La stessa volontà (ferrea e palese, ma magari è un’impressione) di Snapchat di risultare fluido e – oserei dire – amorfo, mischiando in maniera apparentemente caotica ed indiscriminata tutti i mezzi di comunicazione personale di cui ci serviamo di solito, rivela il suo ultimo (?), forse più clamoroso, lato oscuro: l’app mira ad essere onnipresente.

Come e più dei vari WhatsApp simili, Snapchat mira a mio avviso a raggiungere lo status di “app di default” di cui gode WeChat in estremo oriente (sull’argomento esiste una letteratura vastissima è molto interessante, come questo post).

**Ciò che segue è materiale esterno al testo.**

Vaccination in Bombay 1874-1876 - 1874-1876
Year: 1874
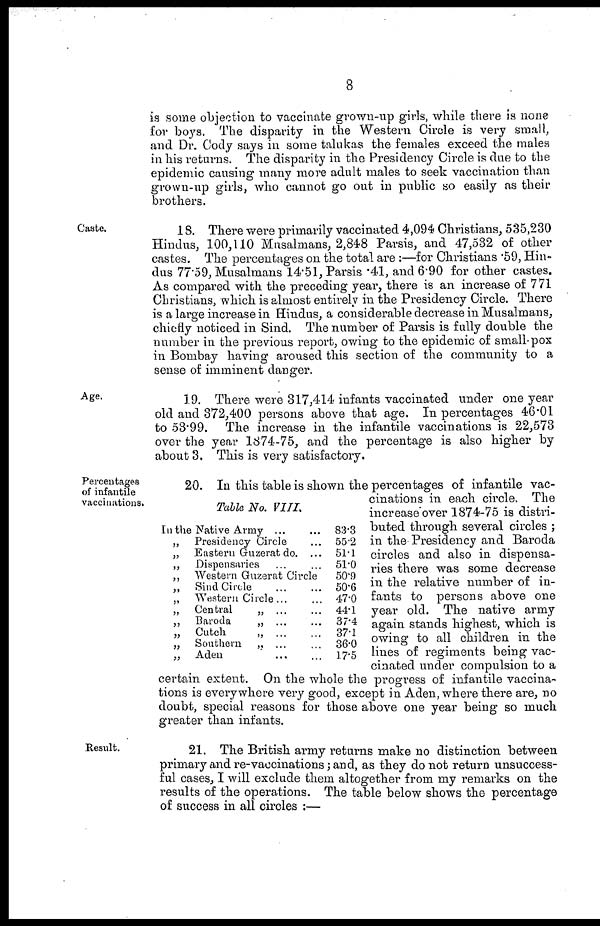
8
is some objection to vaccinate grown-up girls, while there is none
for boys. The disparity in the Western Circle is very small,
and Dr. Cody says in some talukas the females exceed the males
in his returns. The disparity in the Presidency Circle is due to the
epidemic causing many more adult males to seek vaccination than
grown-up girls, who cannot go out in public so easily as their
brothers.
Caste.
18. There were primarily vaccinated 4,094 Christians, 535,230
Hindus, 100,110 Musalmans, 2,848 Parsis, and 47,532 of other
castes. The percentages on the total are :—for Christians .59, Hin-
dus 77.59, Musalmans 14.51, Parsis .41, and 6.90 for other castes.
As compared with the preceding year, there is an increase of 771
Christians, which is almost entirely in the Presidency Circle. There
is a large increase in Hindus, a considerable decrease in Musalmans,
chiefly noticed in Sind. The number of Parsis is fully double the
number in the previous report, owing to the epidemic of small-pox
in Bombay having aroused this section of the community to a
sense of imminent danger.
Age.
19. There were 317,414 infants vaccinated under one year
old and 372,400 persons above that age. In percentages 46.01
to 53.99. The increase in the infantile vaccinations is 22,573
over the year 1874-75, and the percentage is also higher by
about 3. This is very satisfactory.
Percentages
of infantile
vaccinations.
Table No. VIII.
In the Native Army
...
...
„ Presidency Circle ...
„ Eastern Guzerat do. ...
„ Dispensaries ... ...
„ Western Guzerat Circle
„ Sind Circle ... ...
„ Western Circle ... ...
„ Central
„ ... ...
„ Baroda
„ ... ...
„ Cutch
„
... ...
„ Southern „ ... ...
„ Aden ... ...
83.3
55.2
51.1
51.0
50.9
50.6
47.0
44.1
37.4
37.1
36.0
17.5
20. In this table is shown the percentages of infantile vac-
cinations in each circle. The
increase over 1874-75 is distri-
buted through several circles ;
in the Presidency and Baroda
circles and also in dispensa-
ries there was some decrease
in the relative number of in-
fants to persons above one
year old. The native army
again stands highest, which is
owing to all children in the
lines of regiments being vac-
cinated under compulsion to a
certain extent. On the whole the progress of infantile vaccina-
tions is everywhere very good, except in Aden, where there are, no
doubt, special reasons for those above one year being so much
greater than infants.
Result.
21. The British army returns make no distinction between
primary and re-vaccinations; and, as they do not return unsuccess-
ful cases, I will exclude them altogether from my remarks on the
results of the operations. The table below shows the percentage
of success in all circles :—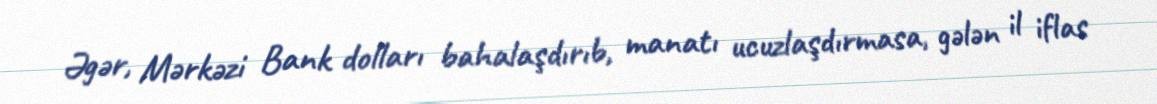
Əgər, Mərkəzi Bank dolları bahalaşdırıb, manatı ucuzlaşdırmasa, gələn il iflas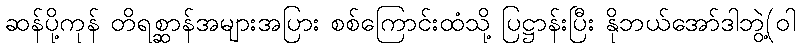
ဆန်ပို့ကုန် တိရစ္ဆာန်အများအပြား စစ်ကြောင်းထံသို့ ပြဋ္ဌာန်းပြီး နိုဘယ်အော်ဒါဘွဲ့(ဝါ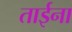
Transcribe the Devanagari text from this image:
ताईना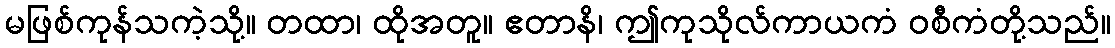
မဖြစ်ကုန်သကဲ့သို့။ တထာ၊ ထိုအတူ။ ဧတာနိ၊ ဤကုသိုလ်ကာယကံ ဝစီကံတို့သည်။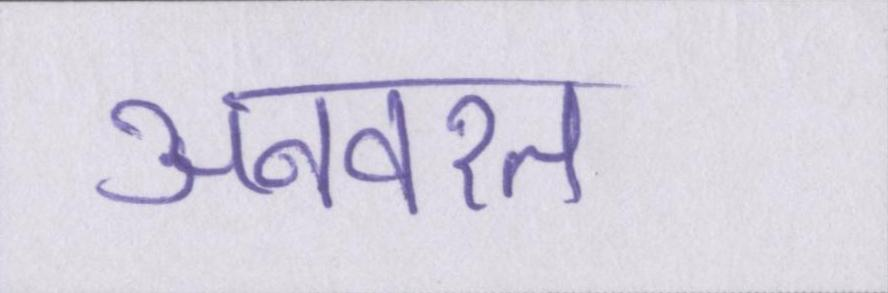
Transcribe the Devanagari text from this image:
अनवरत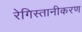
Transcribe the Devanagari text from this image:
रेगिस्तानीकरण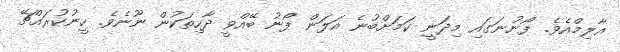
އާލިމްއެވެ. ފޯނުނަގައި މިދަނީ ކަމަށްބުނެ އަލަން ފޯނު ބޭއްވީ ދާހިތަކުން ނޫނެވެ. ހީނުކުރައްޗޭ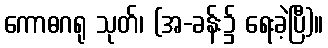
ကောဓဂရု သုတ်၊ (အ-ခန်း၌ ရေးခဲ့ပြီ)။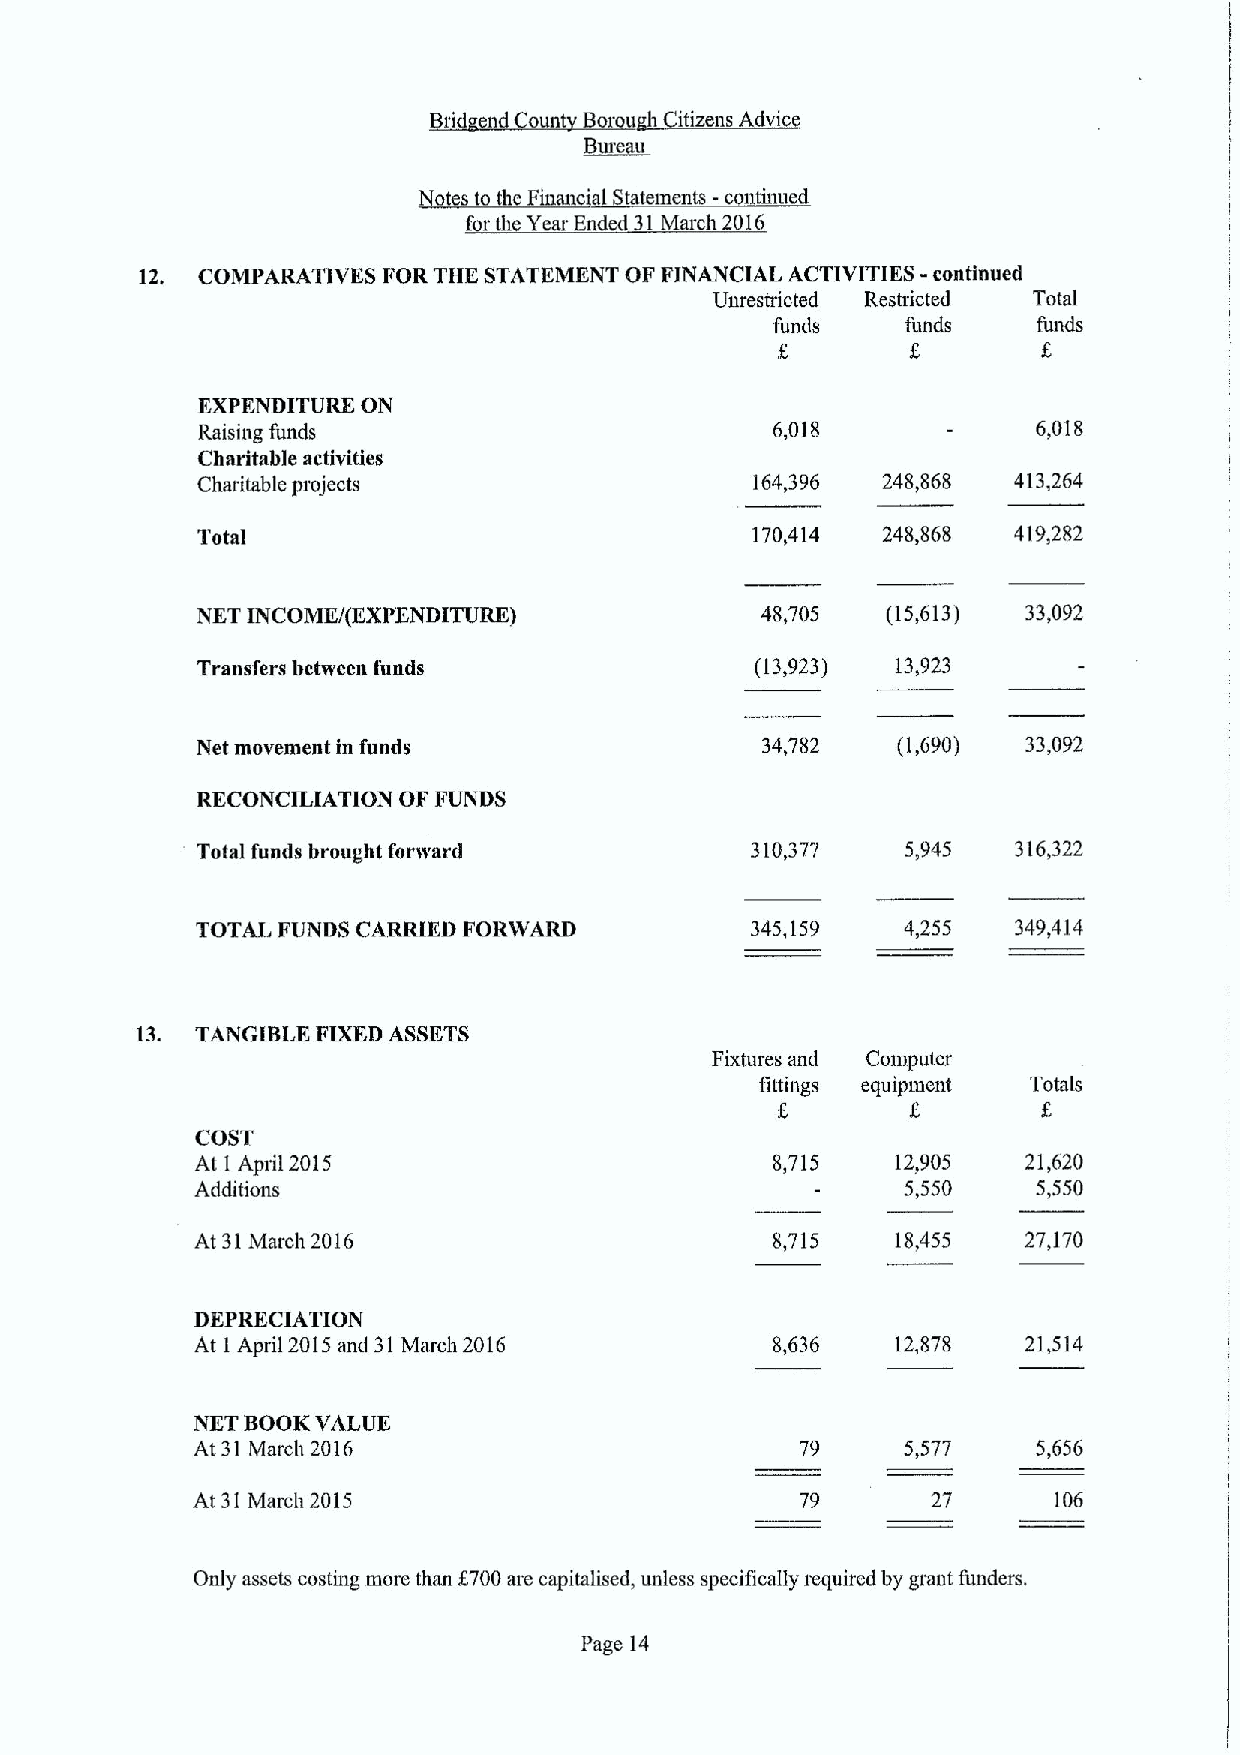
Bri nd oun Borou itizens dvi
 ~Be u
 utes to thc Financ' IStatements -c t tinued
 f r th Year Ended31March2016
 -
 12. COMPARATIVES FOR THE STATEMENT OF FINANCIAL ACTIVITIES continued
 Unrestricted Restricted Total
 funds    funds    funds
 I        6
 EXPENDITURE ON
 Raising funds                         6,018             6,018
 Charitable activities
 Charitable projects                  164,396 248,868  413,264
 Total                                170,414 248,868  419,282
 NET INCOME/(EXPENDITURE)             48,705   (15,613) 33,092
 Transfers between funds              (13,923) 13,923
 Net movement in funds                34,782   (1,690)  33,092
 RECONCILIATION OF FUNDS
 Total funds brought forward          310,377   5,945  316,322
 TOTAL FUNDS CARRIED FORWARD          345,159   4,255  349,414
 13. TANGIBLE FIXEDASSETS
 Fixtures and Computer
 iittings equipment Totals
 6
 COST
 At 1April 2015                        8,715   12,905   21,620
 Additions                                      5,550    5,550
 At 31March 2016                       8,715   18,455   27,170
 DEPRECIATION
 At 1April 2015and 31March 2016        8,636   12,878   21,514
 NET BOOK VALUE
 At 31 March 2016                        79     5,577    5,656
 At 31March 2015                         79       27      106
 Only assets costing more than 6700are capitalised, unless specifically required by grant funders.
 Page 14

Per quanto l’obiettivo possa sembrare ambizioso, e il suo raggiungimento verificabile solo in maniera empirica con il tempo, bisogna notare due cose:

  • Quasi tutti abbiamo alzato il sopracciglio di default dello scetticismo quando Facebook era in crescita vertiginosa, pensando che prima o poi sarebbe arrivato un nuovo Facebook a far fare a loro la medesima fine di MySpace e affini. Almeno per ora, sembra che ci siamo sbagliati di grosso, e [2] forse potremmo/dovremmo considerare l’ipotesi che Facebook abbia raggiunto una massa critica che ne renderà molto lento e difficoltoso il superamento.
  • Questo successo, per ora innegabile, nel porsi come default (Facebook è per vecchi, Twitter sta morendo, Slack è per team e via dicendo) non fa altro che esacerbare il rischio di settarismo di cui sopra; non sono sicuro sia un bene rispecchiare così fedelmente su internet le dinamiche di altri microcosmi (high school, anyone?), se queste già ci inquietano nella loro incarnazione originale.

Tutto questo, ovviamente, parte dal presupposto che Snapchat sia diretto a chiunque, ma forse proprio qui sta l’errore e il problema: Snapchat non è Facebook. Snapchat vuole i propri utenti, che si autoselezionano, e non sono nemmeno lontanamente la maggioranza di qualunque classe demoscopica (le classiche Alfa istruzione, bassa istruzione, alto reddito, basso reddito, democratici, repubblicani, religiosi, atei, eccetera), tranne una.

Sono giovani.

Crescono con Snapchat, si abituano a considerarlo il mezzo di comunicazione e relazione sociale e forse così facendo accetteranno di buon grado (o con indifferenza) qualunque modifica (qual è il primo esempio che vi viene in mente?) il sistema decida di apportare a se stesso (dopotutto, qualcuno di noi si è accorto di quanta pubblicità ci fosse propinata durante i cartoni all’epoca in cui li guardavamo?).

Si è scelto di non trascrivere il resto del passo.